▶ Requirement: Give the records back exactly as written, but without the images.
+-------+
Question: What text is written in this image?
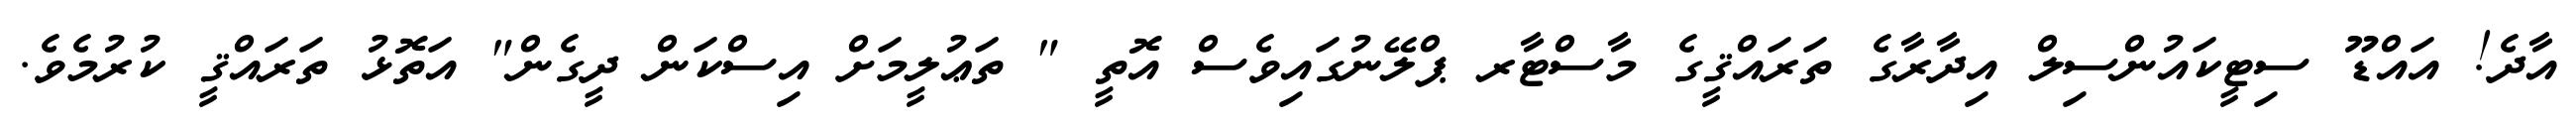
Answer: އާދެ! އައްޑޫ ސިޓީކައުންސިލް އިދާރާގެ ތަރައްޤީގެ މާސްޓާރ ޕްލޭނުގައިވެސް އޮތީ " ތަޢުލީމަށް އިސްކަން ދީގެން" އަތޮޅު ތަރައްޤީ ކުރުމެވެ.
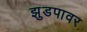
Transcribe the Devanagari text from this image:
झुडपावर
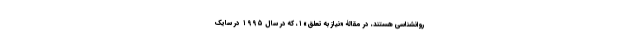
روانشناسی هستند، در مقالۀ «نیاز به تعلق»۱، که در سال ۱۹۹۵ در سایک
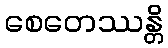
စေတေဿန္တိ
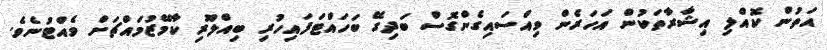
އަތުން ކޮއްލި އިޝާރާތަކުން އަހަރެން ވިއްސައިގެންގޮސް ބަދިގޭ ބަހައްޓަފައިހުރި ބިއްލޫރި ކާމޭޒުމައްޗަށް ވެއްޓުނެވެ.
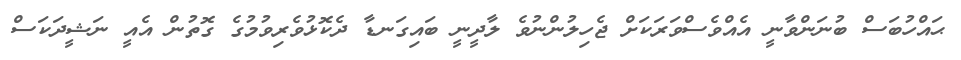
ޙައްހުބަސް ބުނަންވާނީ އެއްވެސްވަރަކަށް ޖެހިލުންނުވެ ލާދީނީ ބައިގަނޑާ ދެކޮޅުވެރިވުމުގެ ގޮތުން އެއީ ނަޝީދަކަސް
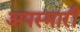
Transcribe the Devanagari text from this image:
अपस्मारी
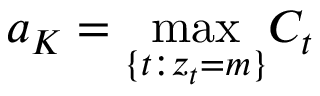
a _ { K } = \underset { \{ t : z _ { t } = m \} } { \operatorname* { m a x } } C _ { t }
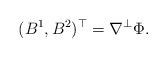
LaTeX: \begin{align*}(B^1, B^2)^{ \top} = \nabla ^{ \bot} \Phi.\end{align*}
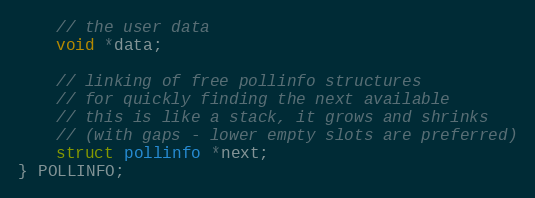
Language: C
    // the user data
    void *data;

    // linking of free pollinfo structures
    // for quickly finding the next available
    // this is like a stack, it grows and shrinks
    // (with gaps - lower empty slots are preferred)
    struct pollinfo *next;
} POLLINFO;
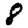
Digit: 8
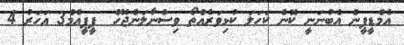
އެމްޑީޕީން އެބުނަނީ ކޮން ކަހަލަ ކުޅިވަރެއްތޯ ވިސްނާލަންޖެހޭ  ޕީޕީއެމް3 އަހަރު 4
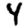
Digit: 4
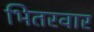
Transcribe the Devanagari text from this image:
भितरवार
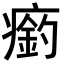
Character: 瘹
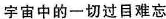
宇宙中的一切过目难忘
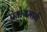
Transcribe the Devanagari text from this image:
प्रयोगमार्ग
+-------+
▶ Output:
Question: What text is written in this image?
Answer: އާދެ! އައްޑޫ ސިޓީކައުންސިލް އިދާރާގެ ތަރައްޤީގެ މާސްޓާރ ޕްލޭނުގައިވެސް އޮތީ " ތަޢުލީމަށް އިސްކަން ދީގެން" އަތޮޅު ތަރައްޤީ ކުރުމެވެ.
Transcribe the Devanagari text from this image:
झुडपावर
روانشناسی هستند، در مقالۀ «نیاز به تعلق»۱، که در سال ۱۹۹۵ در سایک
စေတေဿန္တိ
އަތުން ކޮއްލި އިޝާރާތަކުން އަހަރެން ވިއްސައިގެންގޮސް ބަދިގޭ ބަހައްޓަފައިހުރި ބިއްލޫރި ކާމޭޒުމައްޗަށް ވެއްޓުނެވެ.
ޙައްހުބަސް ބުނަންވާނީ އެއްވެސްވަރަކަށް ޖެހިލުންނުވެ ލާދީނީ ބައިގަނޑާ ދެކޮޅުވެރިވުމުގެ ގޮތުން އެއީ ނަޝީދަކަސް
Transcribe the Devanagari text from this image:
अपस्मारी
a _ { K } = \underset { \{ t : z _ { t } = m \} } { \operatorname* { m a x } } C _ { t }
LaTeX: \begin{align*}(B^1, B^2)^{ \top} = \nabla ^{ \bot} \Phi.\end{align*}
Language: C
    // the user data
    void *data;

    // linking of free pollinfo structures
    // for quickly finding the next available
    // this is like a stack, it grows and shrinks
    // (with gaps - lower empty slots are preferred)
    struct pollinfo *next;
} POLLINFO;
Digit: 8
އެމްޑީޕީން އެބުނަނީ ކޮން ކަހަލަ ކުޅިވަރެއްތޯ ވިސްނާލަންޖެހޭ  ޕީޕީއެމް3 އަހަރު 4
Digit: 4
Transcribe the Devanagari text from this image:
भितरवार
Character: 瘹
宇宙中的一切过目难忘
Transcribe the Devanagari text from this image:
प्रयोगमार्ग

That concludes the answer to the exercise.